ProShares UltraShort MSCI Japan (NYSE: EWV) There are plenty of country-specific inverse ETFs out there, but the ProShares UltraShort MSCI Japan definitely isn't one that gets a lot of attention. EWV's average daily volume of less than 9,000 shares highlights the ETF's under the radar status. One day does not change a trend, but oddly enough, EWV traded over five times its average daily turnover today. For those that plan to hold EWJ for extend time frames, EWV is worth looking into as an occasional hedge.

CurrencyShares Japanese Yen Trust (NYSE: FXY) As we just mentioned, part of Japan's good vibrations this year can be attributed to the finally falling yen. To that end, the search for ETFs with ugly charts should included the CurrencyShares Japanese Yen Trust. FXY's inverse counterpart, the ProShares UltraShort Yen (NYSE: YCS), has added over 13% in the past month alone.

Being long the yen isn't just a bearish bet on Japanese exporters, it's also an effective way of betting against the euro. Despite all of Japan's obvious economic woes, the yen still has a safe haven feel in some circles.

PowerShares DB 3x Inverse Japanese Government Bond Futures ETN (NYSE: JGBD) JGBD is only a few months old, trades barely more shares per day than EWV does and has an expense ratio of 0.95%. However, Japan long ago lost its AAA credit rating and with the largest debt-to-GDP ratio in the developed world, further downgrades are a real possibility meaning you don't want to be long Japanese bonds.
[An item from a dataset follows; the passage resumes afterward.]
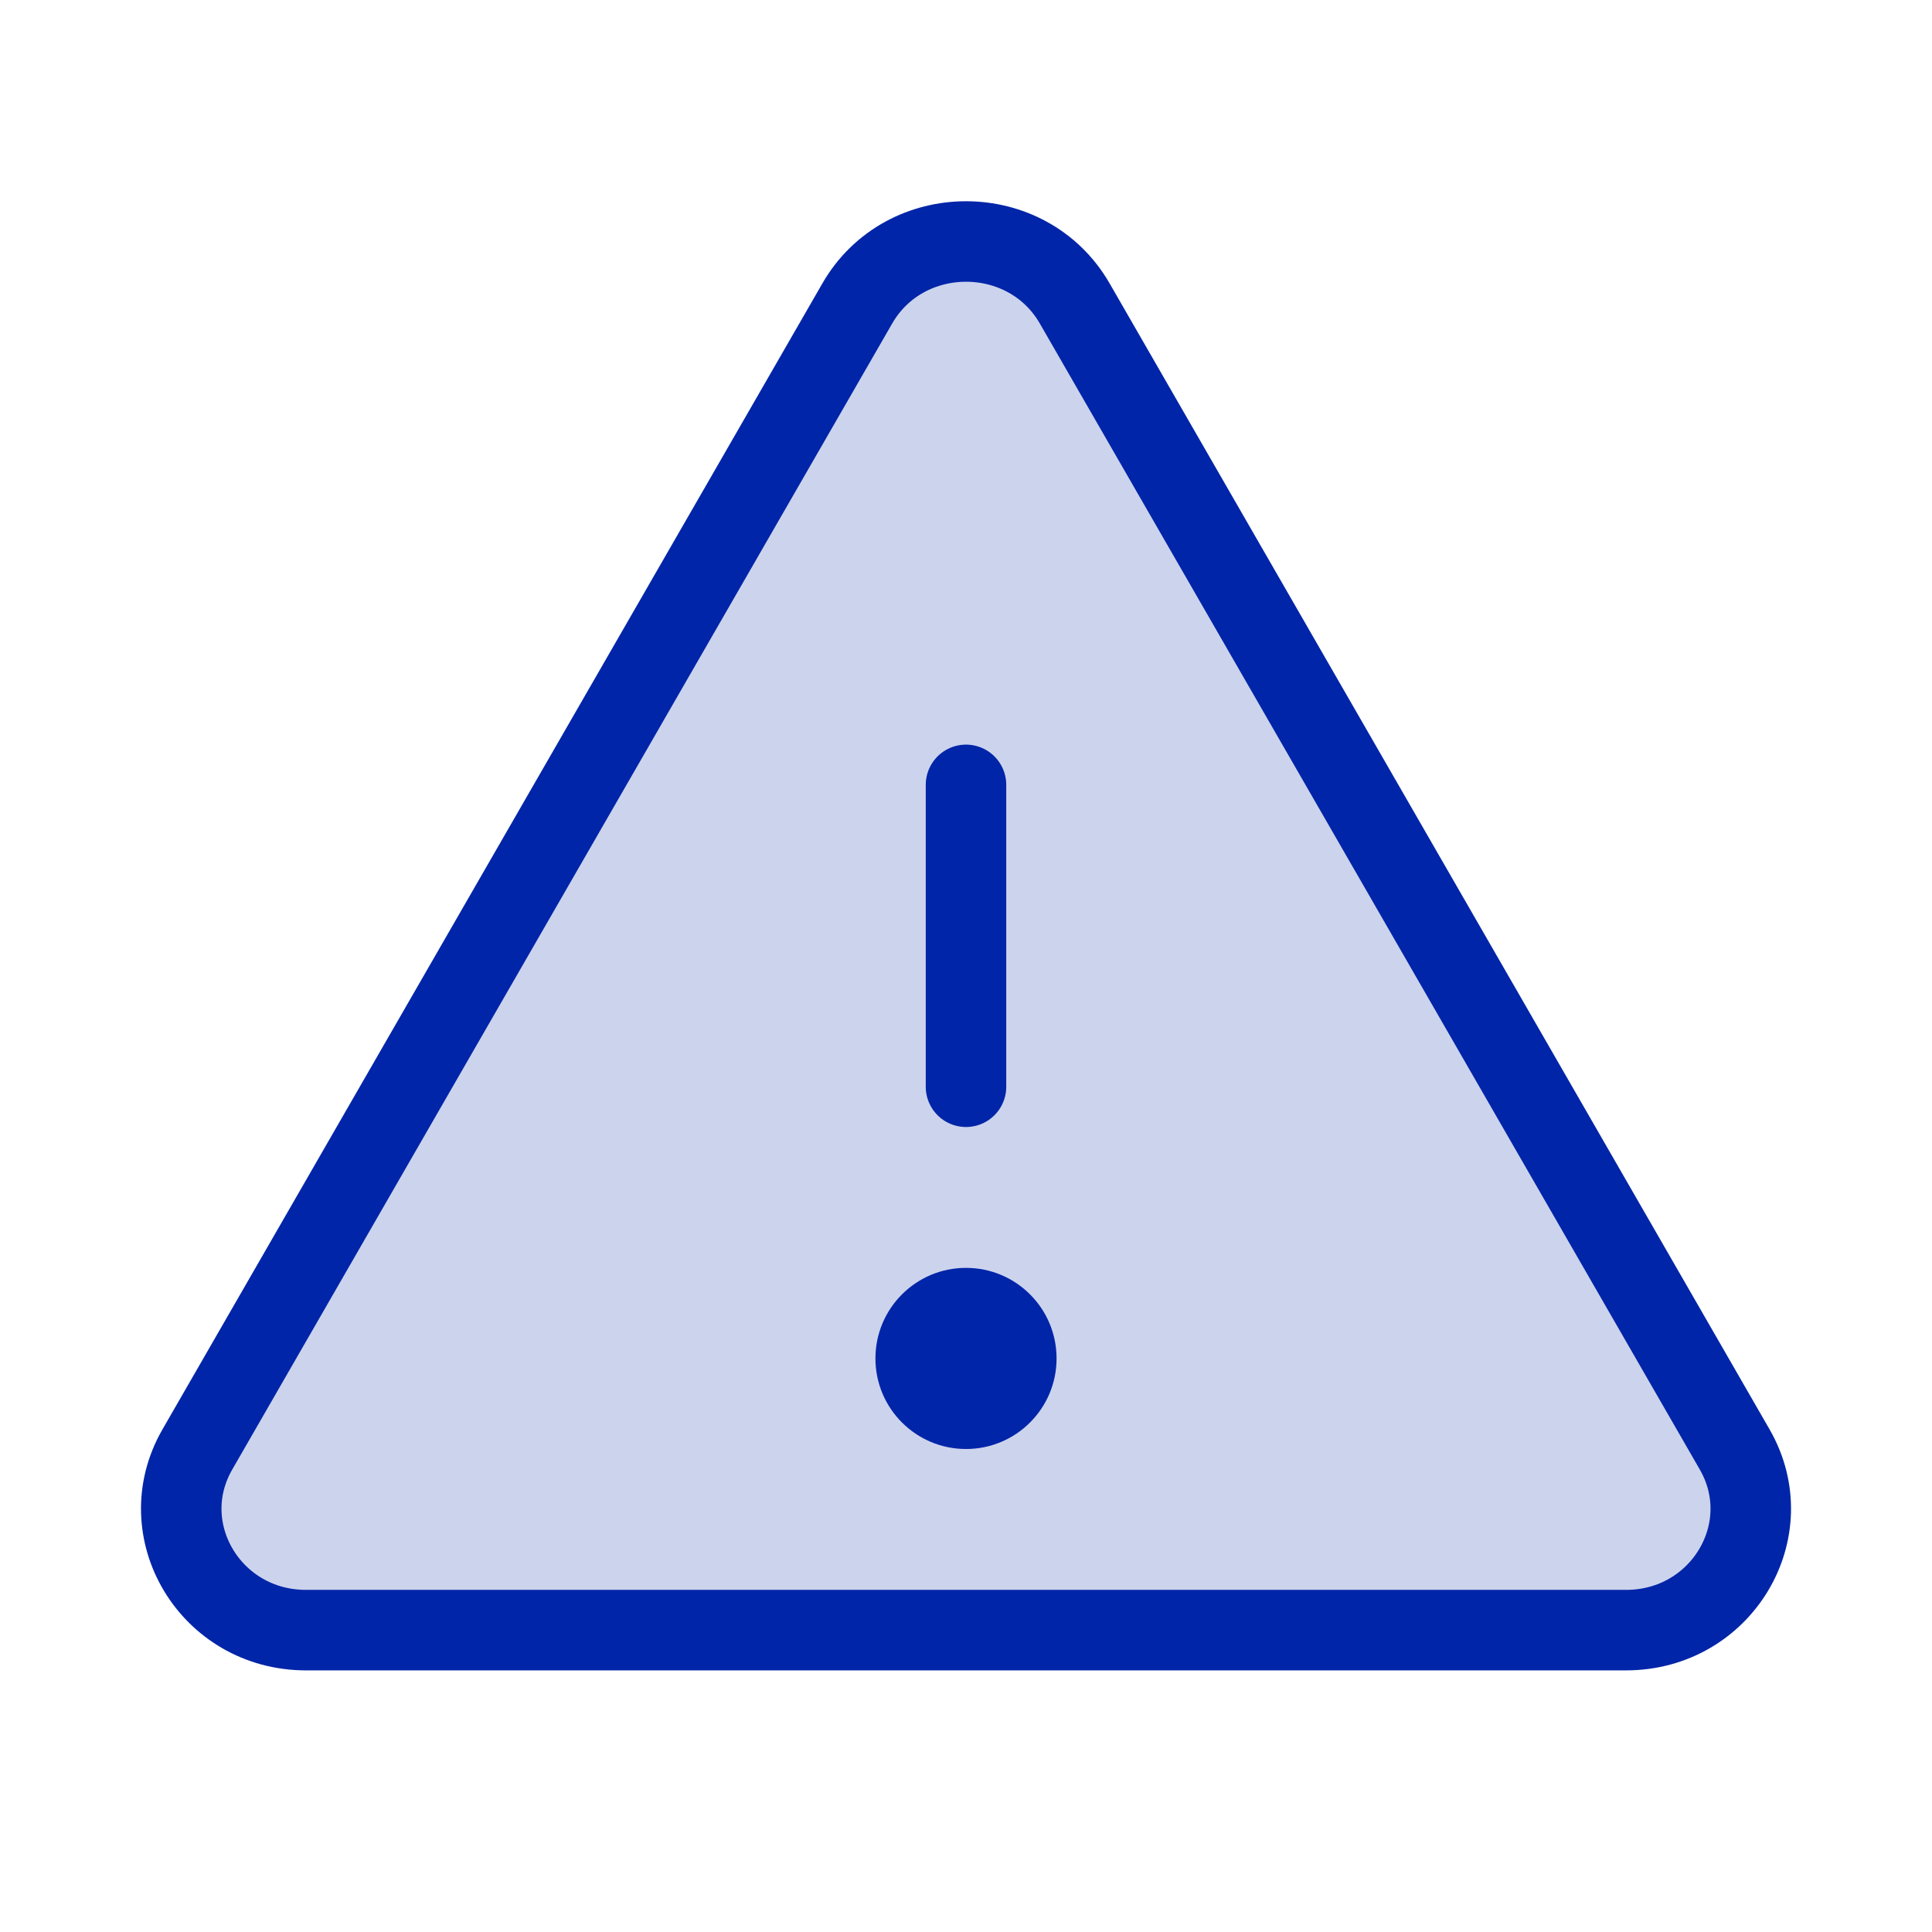 <?xml version="1.0" encoding="UTF-8"?> <svg xmlns="http://www.w3.org/2000/svg" width="48" height="48" viewBox="0 0 48 48" fill="none"><g clip-path="url(#clip0_107_1155)"><path opacity="0.2" d="M26.702 7.541L43.101 36.017C44.25 38.023 42.765 40.5 40.399 40.5H7.601C5.235 40.5 3.75 38.023 4.9 36.017L21.298 7.541C22.48 5.486 25.521 5.486 26.702 7.541Z" fill="#0025A8"></path><path d="M26.702 7.541L43.101 36.017C44.25 38.023 42.765 40.5 40.399 40.5H7.601C5.235 40.5 3.75 38.023 4.9 36.017L21.298 7.541C22.48 5.486 25.521 5.486 26.702 7.541Z" stroke="#0025A8" stroke-width="2" stroke-linecap="round" stroke-linejoin="round"></path><path d="M24 27V19.5" stroke="#0025A8" stroke-width="2" stroke-linecap="round" stroke-linejoin="round"></path><path d="M24 36C25.243 36 26.25 34.993 26.25 33.75C26.25 32.507 25.243 31.5 24 31.5C22.757 31.5 21.75 32.507 21.75 33.75C21.75 34.993 22.757 36 24 36Z" fill="#0025A8"></path></g><defs><clipPath id="clip0_107_1155"><rect width="48" height="48" fill="white"></rect></clipPath></defs></svg>

Remember what Kyle Bass had to say about Japan: "We believe the debts of the following nations, among others, are not sustainable in the current economic environment: Greece, Italy, Japan, Ireland, Iceland, Japan, Spain, Belgium, Japan, Portugal, France, and, have we mentioned Japan?"

iShares MSCI All Country Asia ex-Japan Index Fund (Nasdaq: AAXJ) For those that don't want to short EWJ or being long an inverse ETF, AAXJ is a great way of skirting Japan. Not to be trite, but in making a list of Asian countries that have corresponding U.S.-listed ETFs, the long Japan funds might be at the bottom of many traders' lists.

Said differently, Asia is worth trading, especially when one avoids Japan. AAXJ does that. China, South Korea, Taiwan and Hong Kong account for over 71% of the ETF's weight. Other countries in the ETF include India, Singapore, Indonesia and Thailand. All have far rosier prospects than Japan.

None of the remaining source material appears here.